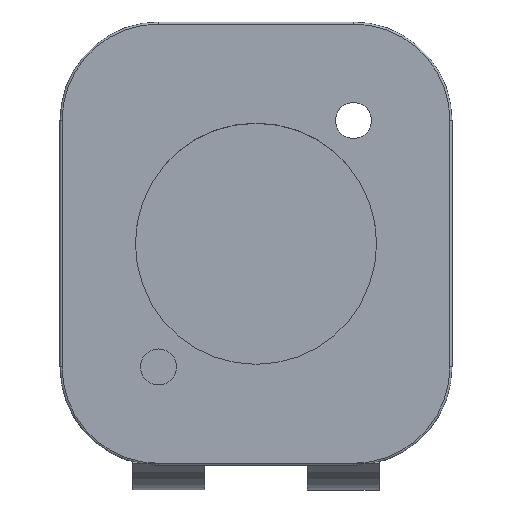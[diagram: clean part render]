
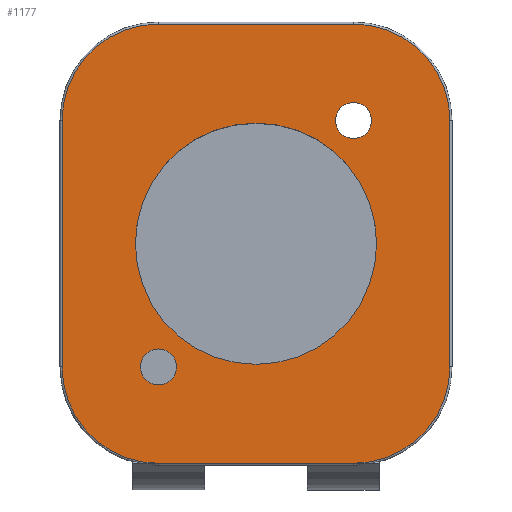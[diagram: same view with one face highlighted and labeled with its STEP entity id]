
A CAD part, top view. The second image highlights one B-rep face of the part: STEP entity #1177.
In plain terms, the highlighted planar face has unit normal (0, 0, 1).
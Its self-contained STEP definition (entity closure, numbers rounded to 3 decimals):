
#221=DIRECTION('',(0.,1.,0.));
#222=VECTOR('',#221,24.);
#223=CARTESIAN_POINT('',(18.9,-12.,1.));
#224=LINE('',#223,#222);
#230=CARTESIAN_POINT('',(9.5,-12.,1.));
#231=DIRECTION('',(0.,0.,1.));
#232=DIRECTION('',(0.,-1.,0.));
#233=AXIS2_PLACEMENT_3D('',#230,#231,#232);
#240=DIRECTION('',(1.,0.,0.));
#241=VECTOR('',#240,19.);
#242=CARTESIAN_POINT('',(-9.5,-21.4,1.));
#243=LINE('',#242,#241);
#249=CARTESIAN_POINT('',(-9.5,-12.,1.));
#250=DIRECTION('',(0.,0.,1.));
#251=DIRECTION('',(-1.,0.,0.));
#252=AXIS2_PLACEMENT_3D('',#249,#250,#251);
#259=DIRECTION('',(0.,-1.,0.));
#260=VECTOR('',#259,24.);
#261=CARTESIAN_POINT('',(-18.9,12.,1.));
#262=LINE('',#261,#260);
#268=CARTESIAN_POINT('',(-9.5,12.,1.));
#269=DIRECTION('',(0.,0.,1.));
#270=DIRECTION('',(0.,1.,0.));
#271=AXIS2_PLACEMENT_3D('',#268,#269,#270);
#282=DIRECTION('',(-1.,0.,0.));
#283=VECTOR('',#282,19.);
#284=CARTESIAN_POINT('',(9.5,21.4,1.));
#285=LINE('',#284,#283);
#355=CARTESIAN_POINT('',(9.5,12.,1.));
#356=DIRECTION('',(0.,0.,1.));
#357=DIRECTION('',(1.,0.,0.));
#358=AXIS2_PLACEMENT_3D('',#355,#356,#357);
#360=CARTESIAN_POINT('',(9.5,12.,1.));
#361=DIRECTION('',(0.,0.,-1.));
#362=DIRECTION('',(1.,0.,0.));
#363=AXIS2_PLACEMENT_3D('',#360,#361,#362);
#365=CARTESIAN_POINT('',(9.5,12.,1.));
#366=DIRECTION('',(0.,0.,-1.));
#367=DIRECTION('',(-1.,0.,0.));
#368=AXIS2_PLACEMENT_3D('',#365,#366,#367);
#370=CARTESIAN_POINT('',(-9.5,-12.,1.));
#371=DIRECTION('',(0.,0.,-1.));
#372=DIRECTION('',(1.,0.,0.));
#373=AXIS2_PLACEMENT_3D('',#370,#371,#372);
#375=CARTESIAN_POINT('',(-9.5,-12.,1.));
#376=DIRECTION('',(0.,0.,-1.));
#377=DIRECTION('',(-1.,0.,0.));
#378=AXIS2_PLACEMENT_3D('',#375,#376,#377);
#380=CARTESIAN_POINT('',(0.,0.,1.));
#381=DIRECTION('',(0.,0.,-1.));
#382=DIRECTION('',(1.,0.,0.));
#383=AXIS2_PLACEMENT_3D('',#380,#381,#382);
#385=CARTESIAN_POINT('',(0.,0.,1.));
#386=DIRECTION('',(0.,0.,-1.));
#387=DIRECTION('',(-1.,0.,0.));
#388=AXIS2_PLACEMENT_3D('',#385,#386,#387);
#784=CARTESIAN_POINT('',(11.25,12.,1.));
#785=CARTESIAN_POINT('',(7.75,12.,1.));
#786=VERTEX_POINT('',#784);
#787=VERTEX_POINT('',#785);
#788=CARTESIAN_POINT('',(-7.75,-12.,1.));
#789=CARTESIAN_POINT('',(-11.25,-12.,1.));
#790=VERTEX_POINT('',#788);
#791=VERTEX_POINT('',#789);
#796=CARTESIAN_POINT('',(11.75,0.,1.));
#797=CARTESIAN_POINT('',(-11.75,0.,1.));
#798=VERTEX_POINT('',#796);
#799=VERTEX_POINT('',#797);
#848=CARTESIAN_POINT('',(-9.5,21.4,1.));
#850=VERTEX_POINT('',#848);
#856=CARTESIAN_POINT('',(-18.9,12.,1.));
#858=VERTEX_POINT('',#856);
#864=CARTESIAN_POINT('',(-18.9,-12.,1.));
#866=VERTEX_POINT('',#864);
#872=CARTESIAN_POINT('',(-9.5,-21.4,1.));
#874=VERTEX_POINT('',#872);
#880=CARTESIAN_POINT('',(9.5,-21.4,1.));
#882=VERTEX_POINT('',#880);
#888=CARTESIAN_POINT('',(18.9,-12.,1.));
#890=VERTEX_POINT('',#888);
#896=CARTESIAN_POINT('',(18.9,12.,1.));
#898=VERTEX_POINT('',#896);
#904=CARTESIAN_POINT('',(9.5,21.4,1.));
#906=VERTEX_POINT('',#904);
#1144=CARTESIAN_POINT('',(0.,0.,1.));
#1145=DIRECTION('',(0.,0.,1.));
#1146=DIRECTION('',(1.,0.,0.));
#1147=AXIS2_PLACEMENT_3D('',#1144,#1145,#1146);
#1148=PLANE('',#1147);
#1149=ORIENTED_EDGE('',*,*,#1012,.F.);
#1150=ORIENTED_EDGE('',*,*,#1137,.F.);
#1151=ORIENTED_EDGE('',*,*,#919,.F.);
#1152=ORIENTED_EDGE('',*,*,#935,.F.);
#1153=ORIENTED_EDGE('',*,*,#950,.F.);
#1154=ORIENTED_EDGE('',*,*,#965,.F.);
#1155=ORIENTED_EDGE('',*,*,#980,.F.);
#1156=ORIENTED_EDGE('',*,*,#995,.F.);
#1157=EDGE_LOOP('',(#1149,#1150,#1151,#1152,#1153,#1154,#1155,#1156));
#1158=FACE_OUTER_BOUND('',#1157,.F.);
#1160=ORIENTED_EDGE('',*,*,#1159,.F.);
#1162=ORIENTED_EDGE('',*,*,#1161,.F.);
#1163=EDGE_LOOP('',(#1160,#1162));
#1164=FACE_BOUND('',#1163,.F.);
#1166=ORIENTED_EDGE('',*,*,#1165,.F.);
#1168=ORIENTED_EDGE('',*,*,#1167,.F.);
#1169=EDGE_LOOP('',(#1166,#1168));
#1170=FACE_BOUND('',#1169,.F.);
#1172=ORIENTED_EDGE('',*,*,#1171,.F.);
#1174=ORIENTED_EDGE('',*,*,#1173,.F.);
#1175=EDGE_LOOP('',(#1172,#1174));
#1176=FACE_BOUND('',#1175,.F.);
#234=CIRCLE('',#233,9.4);
#253=CIRCLE('',#252,9.4);
#272=CIRCLE('',#271,9.4);
#359=CIRCLE('',#358,9.4);
#364=CIRCLE('',#363,1.75);
#369=CIRCLE('',#368,1.75);
#374=CIRCLE('',#373,1.75);
#379=CIRCLE('',#378,1.75);
#384=CIRCLE('',#383,11.75);
#389=CIRCLE('',#388,11.75);
#919=EDGE_CURVE('',#890,#898,#224,.T.);
#935=EDGE_CURVE('',#882,#890,#234,.T.);
#950=EDGE_CURVE('',#874,#882,#243,.T.);
#965=EDGE_CURVE('',#866,#874,#253,.T.);
#980=EDGE_CURVE('',#858,#866,#262,.T.);
#995=EDGE_CURVE('',#850,#858,#272,.T.);
#1012=EDGE_CURVE('',#906,#850,#285,.T.);
#1137=EDGE_CURVE('',#898,#906,#359,.T.);
#1159=EDGE_CURVE('',#786,#787,#364,.T.);
#1161=EDGE_CURVE('',#787,#786,#369,.T.);
#1165=EDGE_CURVE('',#790,#791,#374,.T.);
#1167=EDGE_CURVE('',#791,#790,#379,.T.);
#1171=EDGE_CURVE('',#798,#799,#384,.T.);
#1173=EDGE_CURVE('',#799,#798,#389,.T.);
#1177=ADVANCED_FACE('',(#1158,#1164,#1170,#1176),#1148,.T.);

• _PROBLEM DESCRIPTION_: Leave the pictures out, and restate exactly the lines from the start of the records through the one that contains "Its self-contained STEP".

• _TASK ANSWER_:
[diagram: clean part render]
[diagram: same view with one face highlighted and labeled with its STEP entity id]
A CAD part, top view. The second image highlights one B-rep face of the part: STEP entity #1177.
In plain terms, the highlighted planar face has unit normal (0, 0, 1).
Its self-contained STEP definition (entity closure, numbers rounded to 3 decimals):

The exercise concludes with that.